Super Simple VPN with SSH Tunneling

I’m often accessing the internet from different locations throughout the day and rarely have the same IP address. Sometimes you just need a static IP. For example, maybe you are dealing with a secured environment that can only be accessed by a certain IP address. The workaround hack is to create an SSH tunnel to a VPS which has a static IP, like a $6/month droplet. Digital Ocean has a great article showing how to route web traffic without a VPN using a SOCKS tunnel.

With a SOCKS tunnel enabled you’ll be able to browse the internet using your VPS’s public IP instead of your local internet IP. Neat right? Let’s turn this into a one-liner tunnel script.

SSH tunneling requires some configuration, let’s automate instead!

Create ~/Scripts/tunnel.sh with the following. Swap out ~/.ssh/id_rsa and username@ip-address with your key file and SSH info.

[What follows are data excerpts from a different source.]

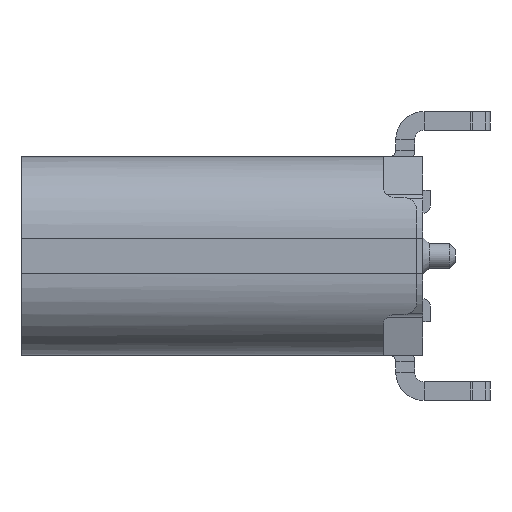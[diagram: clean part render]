
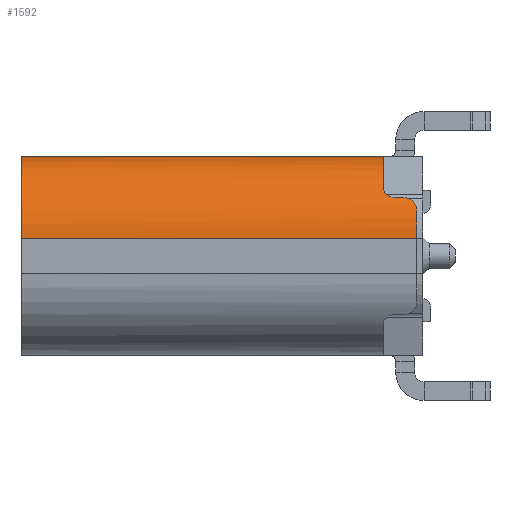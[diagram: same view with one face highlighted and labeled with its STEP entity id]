
A CAD part, left-side view. The second image highlights one B-rep face of the part: STEP entity #1592.
In plain terms, the highlighted cylindrical face has radius 1.3 mm (diameter 2.6 mm), a partial arc.
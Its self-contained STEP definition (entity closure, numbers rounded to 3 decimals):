
#138 = VERTEX_POINT ( 'NONE', #15592 ) ;
#371 = CARTESIAN_POINT ( 'NONE',  ( -4.47, 6.5, 0.28 ) ) ;
#527 = DIRECTION ( 'NONE',  ( 0., 0., 1. ) ) ;
#711 = CARTESIAN_POINT ( 'NONE',  ( -4.216, 0.75, 1.054 ) ) ;
#1037 = EDGE_CURVE ( 'NONE', #4099, #138, #7911, .T. ) ;
#1041 = EDGE_CURVE ( 'NONE', #9514, #8858, #10365, .T. ) ;
#1592 = ADVANCED_FACE ( 'NONE', ( #12714 ), #17823, .T. ) ;
#2203 = CARTESIAN_POINT ( 'NONE',  ( -4.307, 0.316, 0.912 ) ) ;
#2214 = CARTESIAN_POINT ( 'NONE',  ( -4.182, 0.75, 1.095 ) ) ;
#2404 = CARTESIAN_POINT ( 'NONE',  ( -4.296, 0.75, 0.93 ) ) ;
#2627 = CARTESIAN_POINT ( 'NONE',  ( -4.296, 0.42, 0.93 ) ) ;
#2877 = LINE ( 'NONE', #9530, #8038 ) ;
#2883 = EDGE_CURVE ( 'NONE', #16088, #138, #19224, .T. ) ;
#3862 = ORIENTED_EDGE ( 'NONE', *, *, #9255, .T. ) ;
#3865 = ORIENTED_EDGE ( 'NONE', *, *, #7098, .T. ) ;
#3880 = DIRECTION ( 'NONE',  ( 0., 1., 0. ) ) ;
#3950 = CARTESIAN_POINT ( 'NONE',  ( -3.17, 0.22, 0.28 ) ) ;
#4002 = DIRECTION ( 'NONE',  ( 0., -1., 0. ) ) ;
#4099 = VERTEX_POINT ( 'NONE', #5540 ) ;
#4856 = DIRECTION ( 'NONE',  ( 0., 1., 0. ) ) ;
#5007 = EDGE_CURVE ( 'NONE', #17451, #9514, #2877, .T. ) ;
#5333 = VECTOR ( 'NONE', #7152, 1000. ) ;
#5385 = CARTESIAN_POINT ( 'NONE',  ( -4.341, 0.241, 0.845 ) ) ;
#5419 = CARTESIAN_POINT ( 'NONE',  ( -3.17, 0.75, 0.28 ) ) ;
#5464 = CARTESIAN_POINT ( 'NONE',  ( -4.382, 0.22, 0.749 ) ) ;
#5540 = CARTESIAN_POINT ( 'NONE',  ( -4.296, 0.55, 0.93 ) ) ;
#5724 = CARTESIAN_POINT ( 'NONE',  ( -3.17, 0.22, 1.58 ) ) ;
#6989 = DIRECTION ( 'NONE',  ( 0., 0., -1. ) ) ;
#7098 = EDGE_CURVE ( 'NONE', #17451, #10688, #15505, .T. ) ;
#7152 = DIRECTION ( 'NONE',  ( 0., 1., 0. ) ) ;
#7489 = LINE ( 'NONE', #2404, #17050 ) ;
#7911 = B_SPLINE_CURVE_WITH_KNOTS ( 'NONE', 3,
 ( #11507, #14444, #12951, #13293, #711, #2214 ),
 .UNSPECIFIED., .F., .F.,
 ( 4, 2, 4 ),
 ( 0., 0.5, 1. ),
 .UNSPECIFIED. ) ;
#7921 = CARTESIAN_POINT ( 'NONE',  ( -3.17, 6.5, 1.58 ) ) ;
#8038 = VECTOR ( 'NONE', #4856, 1000. ) ;
#8607 = DIRECTION ( 'NONE',  ( 0., 0., -1. ) ) ;
#8858 = VERTEX_POINT ( 'NONE', #7921 ) ;
#8959 = CARTESIAN_POINT ( 'NONE',  ( -4.296, 0.367, 0.93 ) ) ;
#9229 = DIRECTION ( 'NONE',  ( 0., 1., 0. ) ) ;
#9255 = EDGE_CURVE ( 'NONE', #16088, #8858, #18814, .T. ) ;
#9395 = AXIS2_PLACEMENT_3D ( 'NONE', #3950, #3880, #527 ) ;
#9511 = AXIS2_PLACEMENT_3D ( 'NONE', #19644, #13370, #8607 ) ;
#9514 = VERTEX_POINT ( 'NONE', #371 ) ;
#9530 = CARTESIAN_POINT ( 'NONE',  ( -4.47, 0.22, 0.28 ) ) ;
#9826 = VERTEX_POINT ( 'NONE', #19904 ) ;
#10198 = AXIS2_PLACEMENT_3D ( 'NONE', #5419, #16390, #6989 ) ;
#10365 = CIRCLE ( 'NONE', #9511, 1.3 ) ;
#10688 = VERTEX_POINT ( 'NONE', #18023 ) ;
#10748 = CARTESIAN_POINT ( 'NONE',  ( -3.17, 0.22, 0.28 ) ) ;
#11080 = ORIENTED_EDGE ( 'NONE', *, *, #2883, .F. ) ;
#11163 = CARTESIAN_POINT ( 'NONE',  ( -4.47, 0.22, 0.28 ) ) ;
#11360 = EDGE_CURVE ( 'NONE', #4099, #9826, #7489, .T. ) ;
#11507 = CARTESIAN_POINT ( 'NONE',  ( -4.296, 0.55, 0.93 ) ) ;
#11905 = CARTESIAN_POINT ( 'NONE',  ( -3.17, 0.75, 1.58 ) ) ;
#12714 = FACE_OUTER_BOUND ( 'NONE', #15118, .T. ) ;
#12761 = AXIS2_PLACEMENT_3D ( 'NONE', #10748, #9229, #16914 ) ;
#12951 = CARTESIAN_POINT ( 'NONE',  ( -4.286, 0.654, 0.949 ) ) ;
#13122 = ORIENTED_EDGE ( 'NONE', *, *, #1041, .F. ) ;
#13293 = CARTESIAN_POINT ( 'NONE',  ( -4.245, 0.729, 1.012 ) ) ;
#13370 = DIRECTION ( 'NONE',  ( 0., 1., 0. ) ) ;
#13385 = EDGE_CURVE ( 'NONE', #10688, #9826, #14624, .T. ) ;
#14444 = CARTESIAN_POINT ( 'NONE',  ( -4.296, 0.603, 0.93 ) ) ;
#14624 = B_SPLINE_CURVE_WITH_KNOTS ( 'NONE', 3,
 ( #5464, #18346, #5385, #2203, #8959, #2627 ),
 .UNSPECIFIED., .F., .F.,
 ( 4, 2, 4 ),
 ( 0., 0.5, 1. ),
 .UNSPECIFIED. ) ;
#15118 = EDGE_LOOP ( 'NONE', ( #3865, #16804, #19248, #17378, #11080, #3862, #13122, #15799 ) ) ;
#15505 = CIRCLE ( 'NONE', #12761, 1.3 ) ;
#15592 = CARTESIAN_POINT ( 'NONE',  ( -4.182, 0.75, 1.095 ) ) ;
#15799 = ORIENTED_EDGE ( 'NONE', *, *, #5007, .F. ) ;
#16088 = VERTEX_POINT ( 'NONE', #11905 ) ;
#16390 = DIRECTION ( 'NONE',  ( 0., -1., 0. ) ) ;
#16804 = ORIENTED_EDGE ( 'NONE', *, *, #13385, .T. ) ;
#16914 = DIRECTION ( 'NONE',  ( 0., 0., -1. ) ) ;
#17050 = VECTOR ( 'NONE', #4002, 1000. ) ;
#17378 = ORIENTED_EDGE ( 'NONE', *, *, #1037, .T. ) ;
#17451 = VERTEX_POINT ( 'NONE', #11163 ) ;
#17823 = CYLINDRICAL_SURFACE ( 'NONE', #9395, 1.3 ) ;
#18023 = CARTESIAN_POINT ( 'NONE',  ( -4.382, 0.22, 0.749 ) ) ;
#18346 = CARTESIAN_POINT ( 'NONE',  ( -4.363, 0.22, 0.799 ) ) ;
#18814 = LINE ( 'NONE', #5724, #5333 ) ;
#19224 = CIRCLE ( 'NONE', #10198, 1.3 ) ;
#19248 = ORIENTED_EDGE ( 'NONE', *, *, #11360, .F. ) ;
#19644 = CARTESIAN_POINT ( 'NONE',  ( -3.17, 6.5, 0.28 ) ) ;
#19904 = CARTESIAN_POINT ( 'NONE',  ( -4.296, 0.42, 0.93 ) ) ;

echo "Launching Firefox with Proxy profile. Starting SSH tunnel, control + C to exit."
/Applications/Firefox.app/Contents/MacOS/firefox -P Proxy &
ssh -i ~/.ssh/id_rsa -D 1337 -CqN username@ip-address

Grant execute permissions chmod +x ~/Scripts/tunnel.sh. This script will launch Firefox with a unique profile and then launch the proxy. This will allow us to kill the proxy at any time by pressing control + C. In order for it to work, we’ll need to create the new Firefox profile with the SOCKS configuration info.

On the Mac run /Applications/Firefox.app/Contents/MacOS/firefox --ProfileManager

Select “Create Profile…” then name it “Proxy”.

Start Firefox and open up settings. Search for proxy.

Configure the SOCKS Host to be localhost with a port of 1337 or any available port you want :). Check the box “Proxy DNS when using SOCKS v5”.

That’s it. You should be able to open Firefox normally without the proxy settings getting in the way. Running the ~/Scripts/tunnel.sh will start the SSH tunnel and launch Firefox with the proxy profile.